Our response: We replaced the expression QRPs with the more apt “p-hacking” throughout. We selected our four particular types of p-hacking based on their inferred high prevalence (John, Loewenstein, & Prelec, 2012), see Line 112. To differentiate the impact of different forms of p-hacking is beyond the scope of our paper, and we are not aware of previous investigations of this question.

Page 6: Do we know how often 2-tailed publication bias is plausible, compared to one tailed bias? Is there some data from empirical studies?

Our response: We are not aware of data that would shed light on this question.

Page 9, line 189: please provide a reference for the claim that meta-analyses on continues outcomes are frequent.

Our response: We now provide a reference, van Erp, Verhagen, Grasman, and Wagenmakers (2017), see Line 198. The paper, which surveyed 705 MAs in Psychological Bulletin, does not directly mention types of outcome variables, but their open data show that >95% of MAs used Pearson’s r or a standardised mean difference as an effect size.

Page 9, line 201: Is this median N of 100 the total N or per group?

Our response: This is total N, which we now make clearer (see Line 201).

Page 12, line 271: An I2 value of 6.6% when true tau=0, in conditions without qrps or bias. This deviates much more from 0 than I would expect?

Our response: We now report the median (0.0) in addition to the mean (Line 285). Note that in the absence of true heterogeneity, tau can only be overestimated but not underestimated, which biases the mean.

Page 13, start of results: Please provide the reader with a sense of what the meta-analytical datasets looked like in the end: what was the effect of all qrps (splitting datasets, adding participants), on the actual sample sizes of primary studies? Is this still close to Ni=100?

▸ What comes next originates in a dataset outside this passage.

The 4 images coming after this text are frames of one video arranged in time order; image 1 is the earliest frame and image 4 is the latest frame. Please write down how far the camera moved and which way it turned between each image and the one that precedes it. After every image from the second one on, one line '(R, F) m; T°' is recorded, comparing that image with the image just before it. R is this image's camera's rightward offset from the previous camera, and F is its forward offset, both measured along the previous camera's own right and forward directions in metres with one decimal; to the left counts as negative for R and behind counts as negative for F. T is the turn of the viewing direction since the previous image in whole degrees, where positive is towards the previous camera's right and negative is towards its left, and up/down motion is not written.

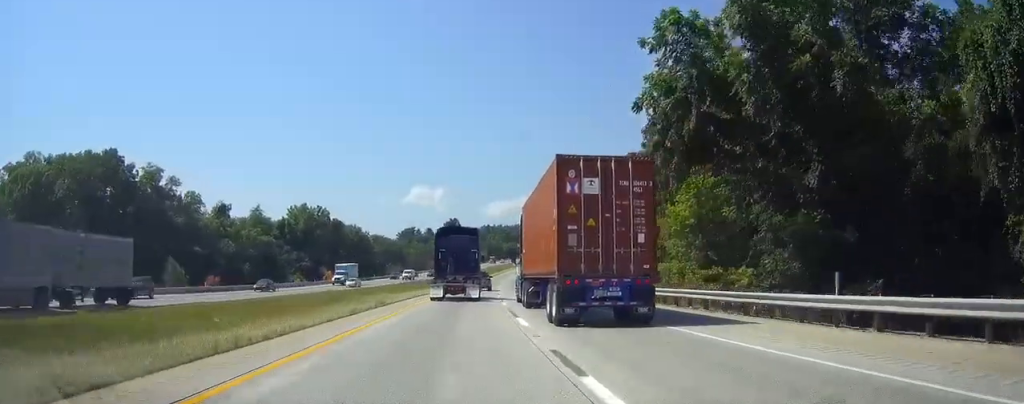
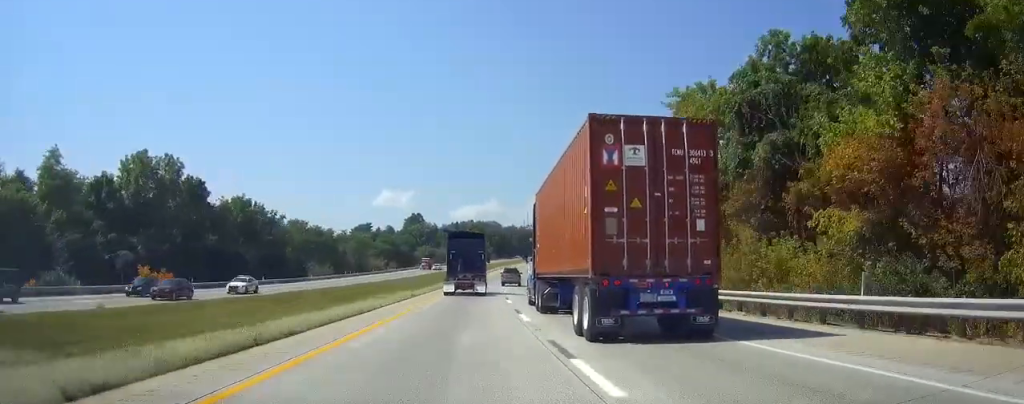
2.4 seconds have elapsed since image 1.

Our response: This information is now added in L307. P-hacking increased mean sample size in primary studies only moderately.

Typos:

Page 5, line 111: QRPs instead of QRPS

Page 10, line 220: sections are not labeled as 2.2.

Page 13, line 288: URL to osf page no longer works. Please update the URL.

Page 15, line 347: ‘low k low’.

Page 24, line 500: ‘were’ instead of ‘where’.

Our response: Thanks, corrected.

Reviewer #2: “Heterogeneity estimates in a biased world” is a Monte Carlo study of the effects of publication bias (PB) and QRP (questionable research practices). It seems to be rigorously conducted, and its simulations are based on realistic research conditions as seen in psychology. Its major findings is: “Our results showed that biases in primary studies caused much greater problems for the estimation of effect size than for the estimation of heterogeneity.” This is an important lesson that meta-analysis community needs to hear. I suspect that this was already widely known, but I believe that this is the first paper that demonstrates this is a clear, rigorous and replicable way.

I wish to congratulate the authors for the way they conduct their Monte Carlo simulations. The design of the simulations can make an enormous difference to their results. Unless, the important research parameters (sample sizes, the amount of heterogeneity, the degree of publication selection, etc.) accurately reflects what is seen in the actual relevant research literature, the findings will be largely irrelevant. However, the authors based their simulations on what they found in what seems to be a fairly representative sample of 150 meta-analyses in psychology. I recommend that PLOS published this paper with a few revisions.

Our response: Thanks for your comments, from which we have learned a lot. Sorry that we failed to notice your review when we prepared our first revision. Please note that all line numbers in our reply refer to the clean copy, i.e., the copy without tracked changes.

Suggestions for revisions.

1. Emphasize main findings: Please emphasize and expand the main finding that it is PB and QRP that causes random effect (RE) to be so very bias, and that this bias is very large under the typical conditions that the authors simulate. This substantial bias has also been confirmed in a systematic review of large pre-registered multi-lab replications (Kvarven et al., 2020), and it is so large that RE is entirely unreliable if applied to psychology naively without many qualifications and auxiliary statistical checks. These biases are also of a notable scientific size. The authors need to state a bit more strongly how these different methods of estimating tau (the heterogeneity SD) are largely irrelevant, especially relative to the size and consequences of RE’s bias. These consequences need to be explicitly stated and emphasized.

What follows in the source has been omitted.